▶ _Task_
The string "class" appears in some lines of the entries that follow; copy each such line.

▶ _Provided material_
--------------------

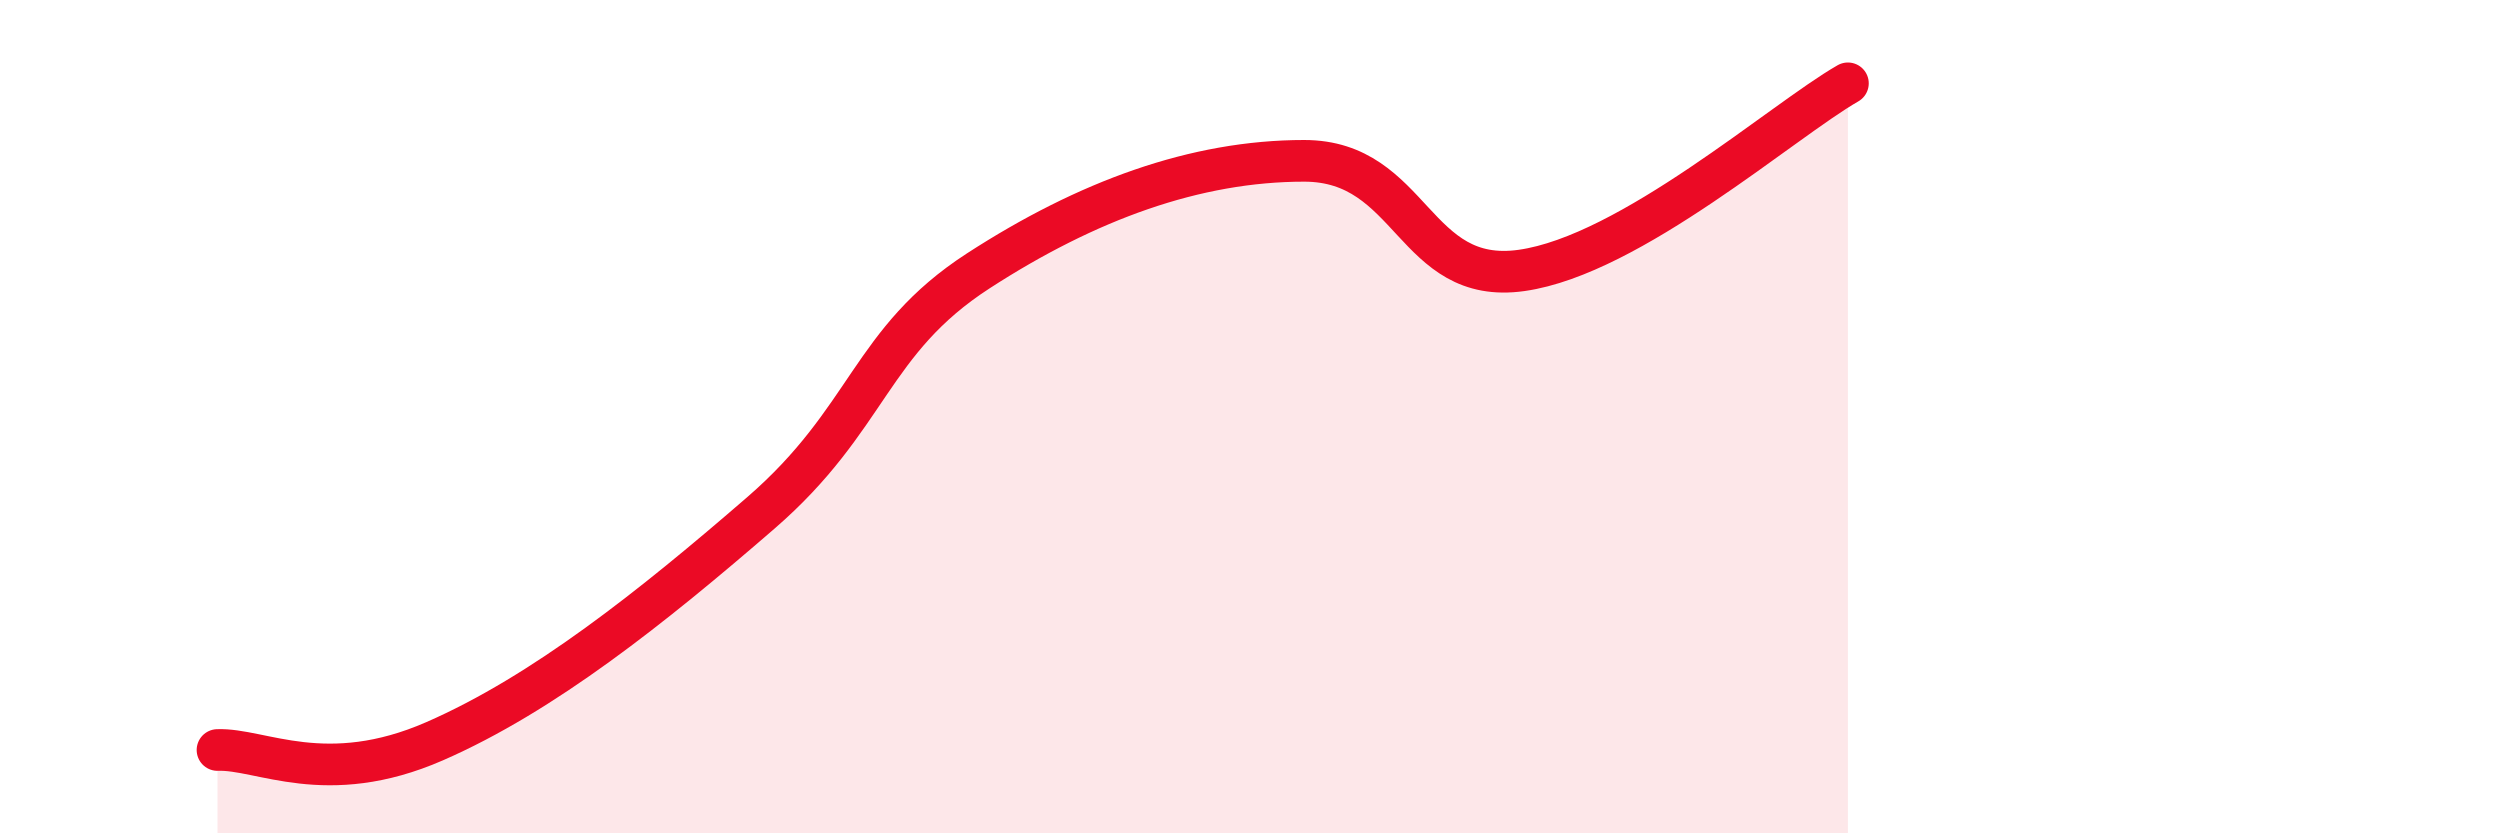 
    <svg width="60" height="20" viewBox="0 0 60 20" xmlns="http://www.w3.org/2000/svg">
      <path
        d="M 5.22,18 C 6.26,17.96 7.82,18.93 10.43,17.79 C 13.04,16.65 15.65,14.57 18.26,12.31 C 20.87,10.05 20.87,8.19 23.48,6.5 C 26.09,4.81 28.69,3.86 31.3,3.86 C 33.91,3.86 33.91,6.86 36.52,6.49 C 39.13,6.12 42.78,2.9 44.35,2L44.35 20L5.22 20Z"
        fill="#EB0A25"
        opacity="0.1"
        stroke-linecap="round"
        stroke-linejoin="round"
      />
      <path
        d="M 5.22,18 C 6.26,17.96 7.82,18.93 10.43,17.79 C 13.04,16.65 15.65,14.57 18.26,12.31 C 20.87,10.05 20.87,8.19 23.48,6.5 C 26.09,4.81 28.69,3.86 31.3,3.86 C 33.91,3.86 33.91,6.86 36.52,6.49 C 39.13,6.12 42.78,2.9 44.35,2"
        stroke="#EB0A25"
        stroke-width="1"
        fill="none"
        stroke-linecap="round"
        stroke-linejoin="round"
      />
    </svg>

--------------------

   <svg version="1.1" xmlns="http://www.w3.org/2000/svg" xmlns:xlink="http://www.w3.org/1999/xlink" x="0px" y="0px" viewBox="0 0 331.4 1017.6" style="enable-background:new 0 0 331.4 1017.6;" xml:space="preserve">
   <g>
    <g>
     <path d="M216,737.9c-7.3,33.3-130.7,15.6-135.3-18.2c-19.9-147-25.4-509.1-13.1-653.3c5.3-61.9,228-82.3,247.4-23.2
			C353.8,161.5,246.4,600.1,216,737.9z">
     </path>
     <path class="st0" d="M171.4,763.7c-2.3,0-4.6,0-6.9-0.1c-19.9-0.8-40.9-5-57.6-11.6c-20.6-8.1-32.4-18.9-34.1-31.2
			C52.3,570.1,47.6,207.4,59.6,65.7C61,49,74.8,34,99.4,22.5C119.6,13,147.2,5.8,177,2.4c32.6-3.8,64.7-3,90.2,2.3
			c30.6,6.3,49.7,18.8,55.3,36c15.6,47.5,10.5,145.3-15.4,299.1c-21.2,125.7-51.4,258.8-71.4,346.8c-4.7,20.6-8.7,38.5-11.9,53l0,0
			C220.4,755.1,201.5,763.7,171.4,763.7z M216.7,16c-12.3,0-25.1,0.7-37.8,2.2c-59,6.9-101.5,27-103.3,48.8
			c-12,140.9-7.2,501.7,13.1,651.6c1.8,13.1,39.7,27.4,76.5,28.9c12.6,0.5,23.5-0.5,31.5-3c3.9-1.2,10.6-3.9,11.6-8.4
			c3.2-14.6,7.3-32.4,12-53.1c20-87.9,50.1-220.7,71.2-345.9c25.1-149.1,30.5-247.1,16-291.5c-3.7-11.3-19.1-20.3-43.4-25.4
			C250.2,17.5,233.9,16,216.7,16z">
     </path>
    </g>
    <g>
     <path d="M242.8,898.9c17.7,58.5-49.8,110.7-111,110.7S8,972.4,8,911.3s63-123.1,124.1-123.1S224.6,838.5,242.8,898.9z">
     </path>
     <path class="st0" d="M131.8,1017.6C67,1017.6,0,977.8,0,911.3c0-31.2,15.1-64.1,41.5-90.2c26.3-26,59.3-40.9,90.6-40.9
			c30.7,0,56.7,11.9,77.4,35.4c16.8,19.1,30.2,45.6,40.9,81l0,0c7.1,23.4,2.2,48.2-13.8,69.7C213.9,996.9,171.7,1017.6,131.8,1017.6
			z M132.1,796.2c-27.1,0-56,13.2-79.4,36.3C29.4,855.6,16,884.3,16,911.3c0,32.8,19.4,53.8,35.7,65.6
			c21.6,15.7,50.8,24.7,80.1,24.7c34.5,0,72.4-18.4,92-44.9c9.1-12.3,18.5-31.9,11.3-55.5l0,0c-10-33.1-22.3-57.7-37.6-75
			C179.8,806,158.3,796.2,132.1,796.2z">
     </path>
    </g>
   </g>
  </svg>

--------------------

▶ _Task solution_
     <path class="st0" d="M171.4,763.7c-2.3,0-4.6,0-6.9-0.1c-19.9-0.8-40.9-5-57.6-11.6c-20.6-8.1-32.4-18.9-34.1-31.2
     <path class="st0" d="M131.8,1017.6C67,1017.6,0,977.8,0,911.3c0-31.2,15.1-64.1,41.5-90.2c26.3-26,59.3-40.9,90.6-40.9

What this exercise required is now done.